31 jul 2017
Kopieer citeerwijze ||
Stichting christelijke gemeente Nederland tegen NRC Media
Publicatie NRC 'Rabo stopt met Noorse broeders' niet onrechtmatig
Vzr. Rechtbank Den Haag 31 juli 2017, IEF 17174; ECLI:NL:RBDHA:2017:11324 (Stichting christelijke gemeente Nederland tegen NRC Media) In het NRC Handelsblad en NRC Next zijn diverse artikelen geschreven over de christelijke gemeente Nederland, ook wel de 'Noorse Broeders' genoemd. De artikelen gaan over de arrestatie van het bestuurslid van een goede doelen stichting van de CGN, wegens verdenking van het ten eigen voordeel uitgeven van geld van de stichting. Naar aanleiding van het recente artikel "Rabo stopt met Noorse broeders" is een kort geding aanhangig gemaakt. De CGN stelt dat de reeds artikelen onrechtmatig zijn omdat daarin onterecht beschuldigingen over kinderarbeid, belastingontduiking en fraude worden gedaan. De omstandigheid dat NRC niet beschikte over enig document waaruit blijkt dat de Rabobank haar relatie met de CGN wil beëindigen kan niet leiden tot het oordeel dat de publicatie onrechtmatig is. De vraag of de beschuldigingen in die publicaties door NRC mochten worden gedaan valt buiten het bestek van dit kort geding. CGN wil hierover een bodemprocedure beginnen. Voor zover de CGN stelt dat het verwijzen naar die beschuldigingen in dit artikel onrechtmatig is, wordt dit verworpen. Er is geen sprake van een onrechtmatige publicatie.

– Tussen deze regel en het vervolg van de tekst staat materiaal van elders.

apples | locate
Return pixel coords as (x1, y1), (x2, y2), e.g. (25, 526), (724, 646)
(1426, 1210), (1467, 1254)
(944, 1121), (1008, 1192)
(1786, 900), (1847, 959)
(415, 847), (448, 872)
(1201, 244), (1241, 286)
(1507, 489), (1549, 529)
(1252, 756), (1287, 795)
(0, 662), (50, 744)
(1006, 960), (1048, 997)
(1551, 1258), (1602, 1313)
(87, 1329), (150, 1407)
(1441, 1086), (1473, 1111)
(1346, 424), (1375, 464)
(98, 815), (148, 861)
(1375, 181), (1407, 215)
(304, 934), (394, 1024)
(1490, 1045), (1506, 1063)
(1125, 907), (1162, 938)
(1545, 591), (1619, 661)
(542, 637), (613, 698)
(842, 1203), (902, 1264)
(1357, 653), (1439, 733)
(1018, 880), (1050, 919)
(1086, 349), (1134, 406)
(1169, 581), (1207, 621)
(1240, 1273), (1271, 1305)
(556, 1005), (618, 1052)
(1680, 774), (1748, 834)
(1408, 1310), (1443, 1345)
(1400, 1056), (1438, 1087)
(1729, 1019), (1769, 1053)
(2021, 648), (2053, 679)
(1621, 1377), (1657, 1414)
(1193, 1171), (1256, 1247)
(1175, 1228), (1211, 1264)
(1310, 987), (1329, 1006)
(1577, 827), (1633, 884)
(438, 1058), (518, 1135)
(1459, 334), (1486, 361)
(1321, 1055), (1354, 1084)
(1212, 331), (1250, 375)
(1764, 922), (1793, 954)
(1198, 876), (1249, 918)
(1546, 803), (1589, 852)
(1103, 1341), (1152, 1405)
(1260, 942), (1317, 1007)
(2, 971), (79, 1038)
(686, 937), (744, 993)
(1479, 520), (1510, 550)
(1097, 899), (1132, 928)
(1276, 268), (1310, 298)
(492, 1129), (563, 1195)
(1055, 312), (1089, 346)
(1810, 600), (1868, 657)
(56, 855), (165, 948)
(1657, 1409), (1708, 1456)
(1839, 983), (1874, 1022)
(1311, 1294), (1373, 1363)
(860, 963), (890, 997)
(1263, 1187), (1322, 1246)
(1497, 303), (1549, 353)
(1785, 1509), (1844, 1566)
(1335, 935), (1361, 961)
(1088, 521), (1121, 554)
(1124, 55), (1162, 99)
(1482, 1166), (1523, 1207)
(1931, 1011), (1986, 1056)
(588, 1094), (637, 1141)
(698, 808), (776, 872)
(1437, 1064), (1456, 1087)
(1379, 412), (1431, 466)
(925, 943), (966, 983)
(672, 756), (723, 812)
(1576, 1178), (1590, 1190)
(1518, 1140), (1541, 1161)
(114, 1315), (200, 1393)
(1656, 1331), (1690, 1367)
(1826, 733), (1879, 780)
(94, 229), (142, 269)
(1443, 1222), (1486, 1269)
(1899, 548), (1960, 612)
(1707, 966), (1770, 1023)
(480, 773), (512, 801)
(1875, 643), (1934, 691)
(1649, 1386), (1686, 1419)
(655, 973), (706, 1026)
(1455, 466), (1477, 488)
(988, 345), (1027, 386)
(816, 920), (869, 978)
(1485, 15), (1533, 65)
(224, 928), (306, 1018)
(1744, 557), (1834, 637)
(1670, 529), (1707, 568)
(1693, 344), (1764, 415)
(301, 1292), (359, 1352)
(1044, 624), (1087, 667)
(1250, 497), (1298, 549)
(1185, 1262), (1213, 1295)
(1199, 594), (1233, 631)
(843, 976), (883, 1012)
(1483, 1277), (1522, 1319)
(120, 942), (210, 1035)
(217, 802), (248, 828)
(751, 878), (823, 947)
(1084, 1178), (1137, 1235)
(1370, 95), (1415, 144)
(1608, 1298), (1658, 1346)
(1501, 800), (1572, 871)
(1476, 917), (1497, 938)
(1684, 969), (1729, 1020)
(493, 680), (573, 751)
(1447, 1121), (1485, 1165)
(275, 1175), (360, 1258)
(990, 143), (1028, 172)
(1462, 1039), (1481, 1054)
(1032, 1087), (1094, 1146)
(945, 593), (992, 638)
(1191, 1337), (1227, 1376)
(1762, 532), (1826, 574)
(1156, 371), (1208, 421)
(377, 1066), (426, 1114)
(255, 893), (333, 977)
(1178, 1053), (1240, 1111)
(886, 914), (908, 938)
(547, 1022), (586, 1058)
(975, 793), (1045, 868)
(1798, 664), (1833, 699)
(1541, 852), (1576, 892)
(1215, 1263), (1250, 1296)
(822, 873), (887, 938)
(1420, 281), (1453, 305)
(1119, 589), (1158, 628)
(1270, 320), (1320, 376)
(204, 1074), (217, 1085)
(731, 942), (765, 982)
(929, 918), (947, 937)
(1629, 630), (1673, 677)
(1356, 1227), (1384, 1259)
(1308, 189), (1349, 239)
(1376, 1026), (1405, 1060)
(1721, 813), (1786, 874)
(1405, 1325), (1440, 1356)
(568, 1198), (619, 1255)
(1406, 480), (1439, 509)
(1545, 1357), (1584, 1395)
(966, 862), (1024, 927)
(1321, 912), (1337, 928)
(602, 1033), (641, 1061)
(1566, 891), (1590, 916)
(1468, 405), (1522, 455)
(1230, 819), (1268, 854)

4.3. Uitgangspunt is dat toewijzing van de vorderingen van de CGN een beperking zou inhouden van het in artikel 10 lid 1 EVRM neergelegde grondrecht van NRC Media op vrijheid van meningsuiting. Een dergelijk recht kan slechts worden beperkt indien dit bij wet is voorzien en noodzakelijk is in een democratische samenleving, bijvoorbeeld ter bescherming van de goede naam en de rechten van anderen (artikel 10 lid 2 EVRM). Daarnaast dient een dergelijke beperking proportioneel te zijn. Van een beperking die bij de wet is voorzien is sprake, wanneer de uitlatingen onrechtmatig zijn in de zin van artikel 6:162 BW. Voor het antwoord op de vraag of dit het geval is, dienen alle omstandigheden van het betrokken geval in ogenschouw te worden genomen en de wederzijdse belangen te worden afgewogen. Het belang van NRC Media is dat zij vrijelijk moet kunnen publiceren over door haar geconstateerde (vermeende) misstanden of anderszins maatschappelijk relevante onderwerpen. Daar tegenover staat het belang van de CGN om gevrijwaard te blijven van berichtgeving waarin zij ten onrechte in verband wordt gebracht met strafbare feiten of gedragingen die in het maatschappelijk verkeer als diffamerend worden beschouwd.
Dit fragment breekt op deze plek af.